▶ [RAW DATA]
=== Begin Enclosure ===

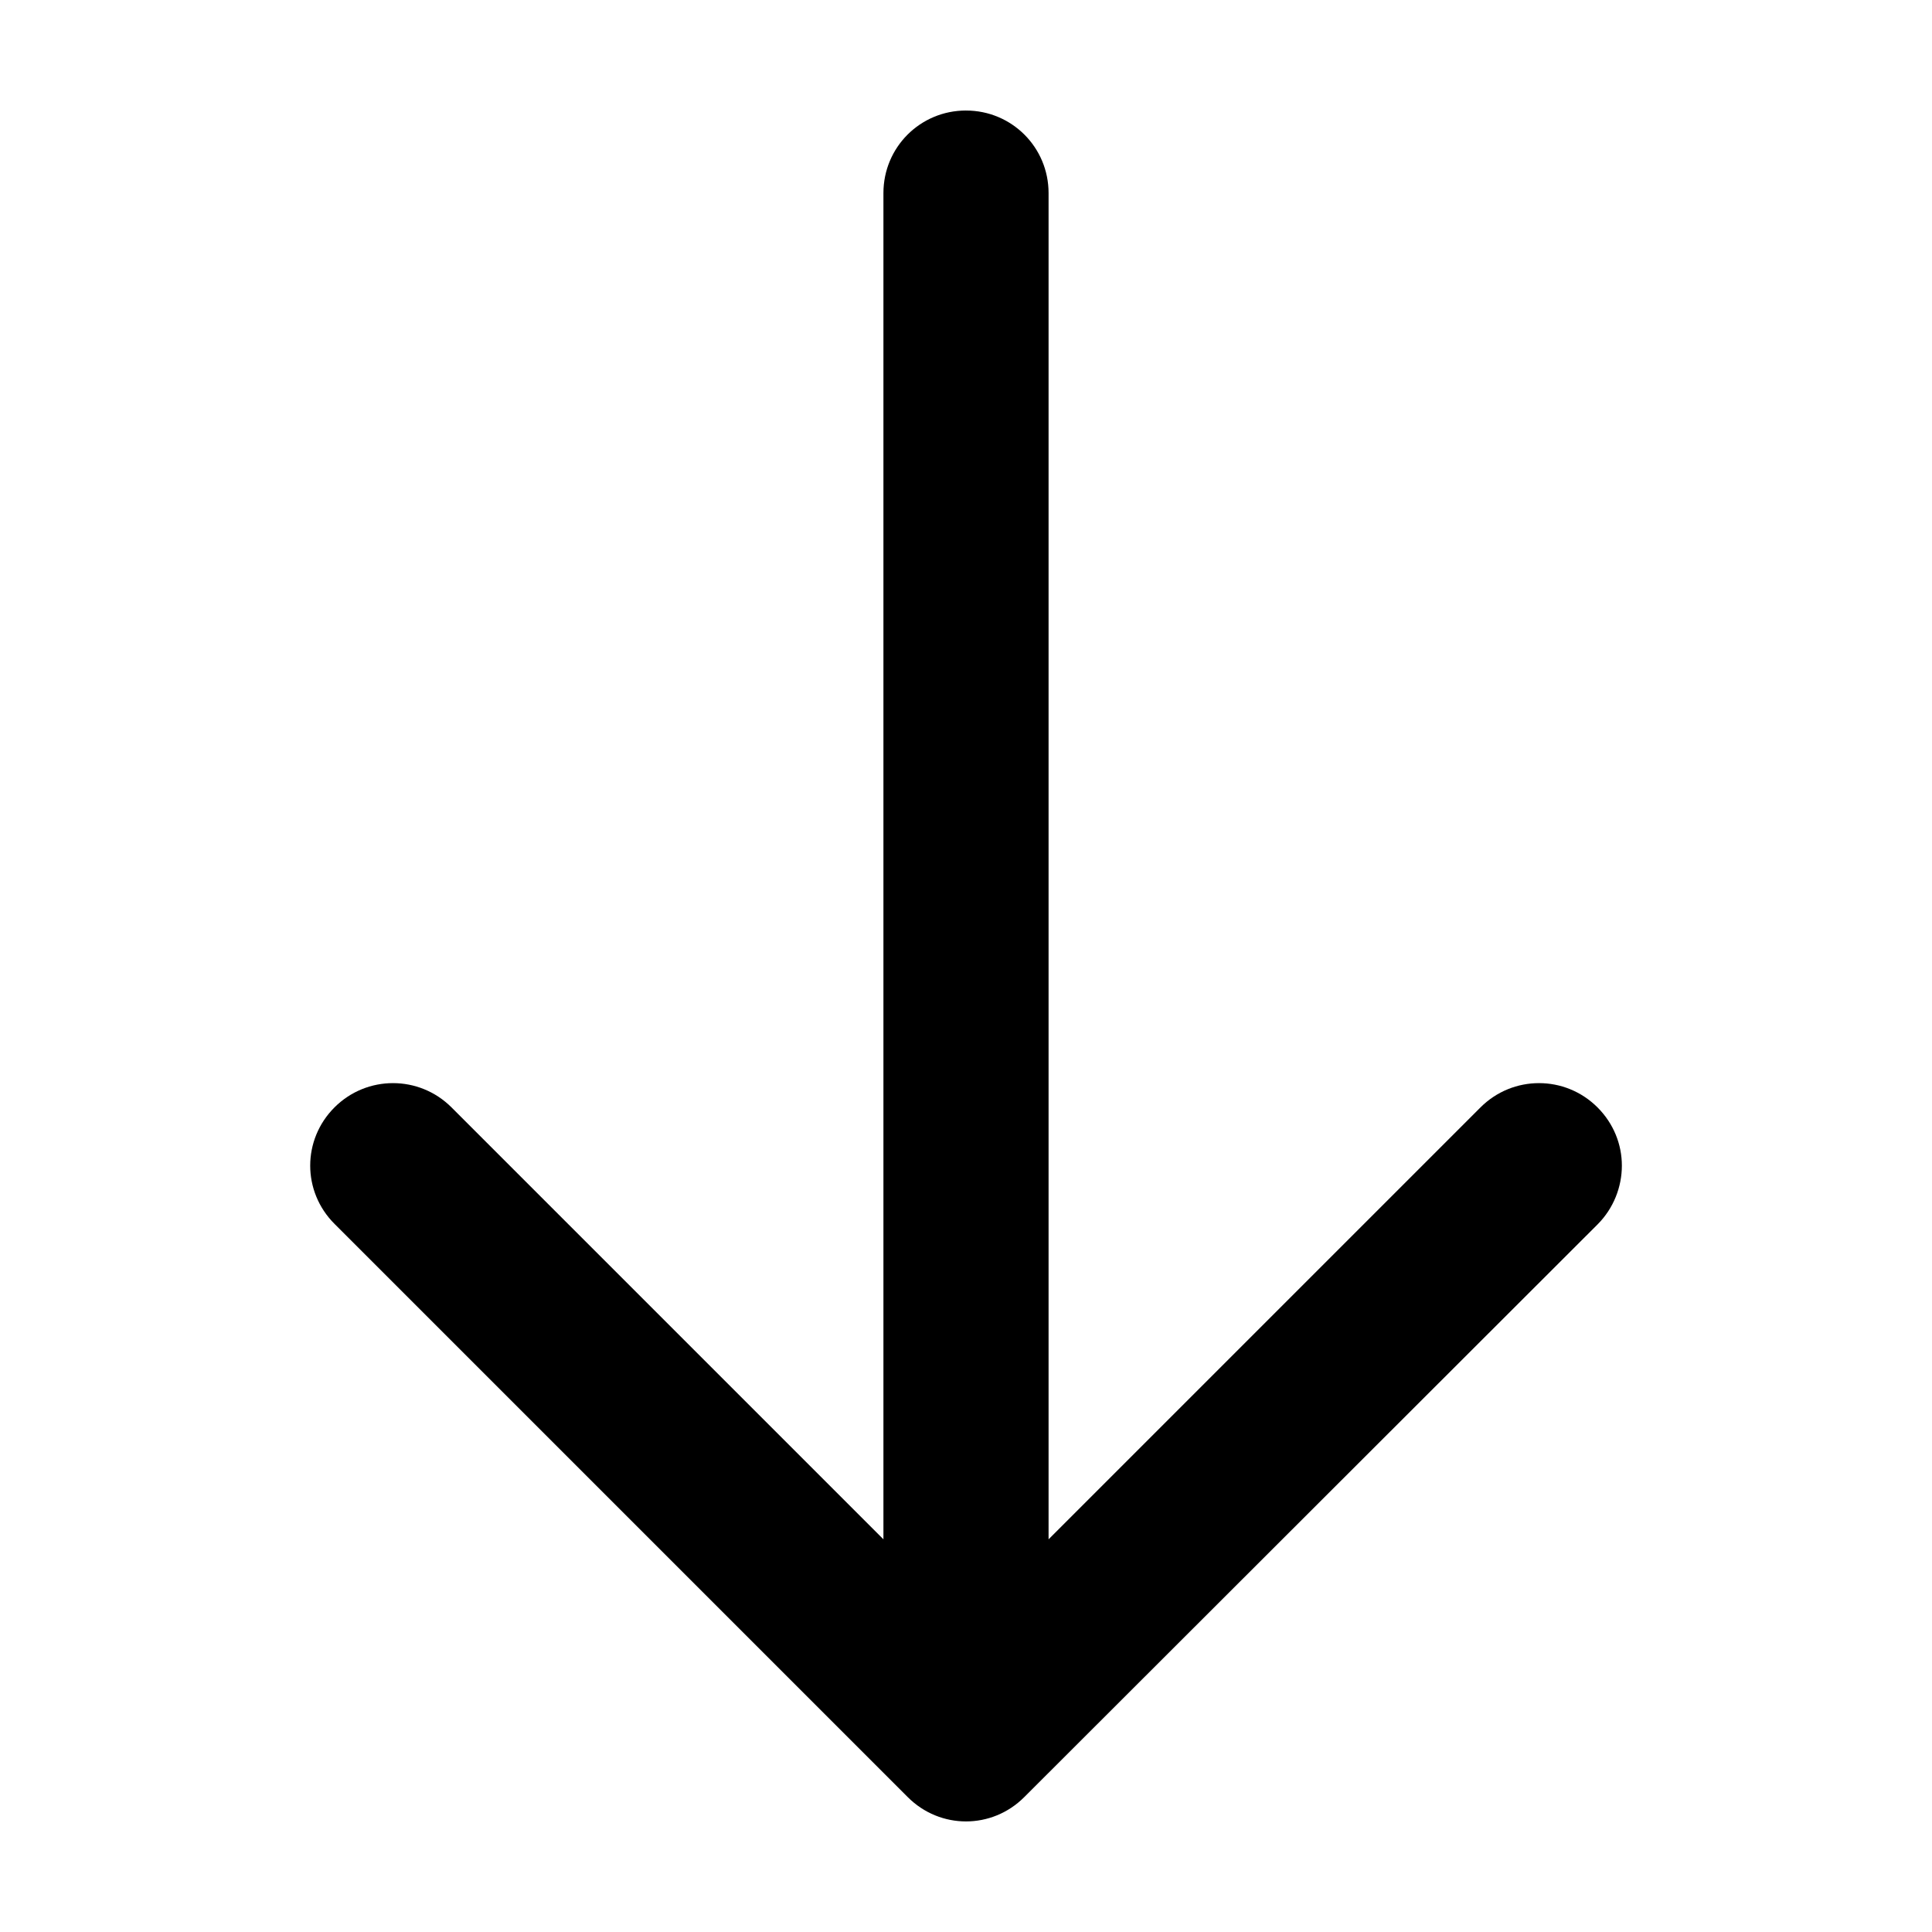 <?xml version="1.0" encoding="UTF-8"?>
<!-- The Best Svg Icon site in the world: iconSvg.co, Visit us! https://iconsvg.co -->
<svg fill="#000000" width="800px" height="800px" version="1.1" viewBox="144 144 512 512" xmlns="http://www.w3.org/2000/svg">
 <path d="m400 173.29c-12.137 0-21.883 9.75-21.883 21.883v356.76l-114.46-114.46c-8.578-8.578-22.438-8.578-31.016 0-8.578 8.582-8.578 22.277 0 30.859l151.93 151.93c8.578 8.578 22.277 8.582 30.859 0l151.93-151.77c4.289-4.289 6.453-9.988 6.453-15.586 0-5.598-2.164-11.141-6.453-15.43-8.578-8.582-22.438-8.582-31.016 0l-114.46 114.46v-356.76c0-12.133-9.75-21.883-21.883-21.883z" fill-rule="evenodd"/>
</svg>

=== End Enclosure ===

▶ [PROBLEM DETAILS]
Output the records above exactly, omitting the pictures.

▶ [EXERCISE RESULT]
 <?xml version="1.0" encoding="UTF-8"?>
<!-- The Best Svg Icon site in the world: iconSvg.co, Visit us! https://iconsvg.co -->
<svg fill="#000000" width="800px" height="800px" version="1.1" viewBox="144 144 512 512" xmlns="http://www.w3.org/2000/svg">
 <path d="m400 173.29c-12.137 0-21.883 9.75-21.883 21.883v356.76l-114.46-114.46c-8.578-8.578-22.438-8.578-31.016 0-8.578 8.582-8.578 22.277 0 30.859l151.93 151.93c8.578 8.578 22.277 8.582 30.859 0l151.93-151.77c4.289-4.289 6.453-9.988 6.453-15.586 0-5.598-2.164-11.141-6.453-15.43-8.578-8.582-22.438-8.582-31.016 0l-114.46 114.46v-356.76c0-12.133-9.75-21.883-21.883-21.883z" fill-rule="evenodd"/>
</svg>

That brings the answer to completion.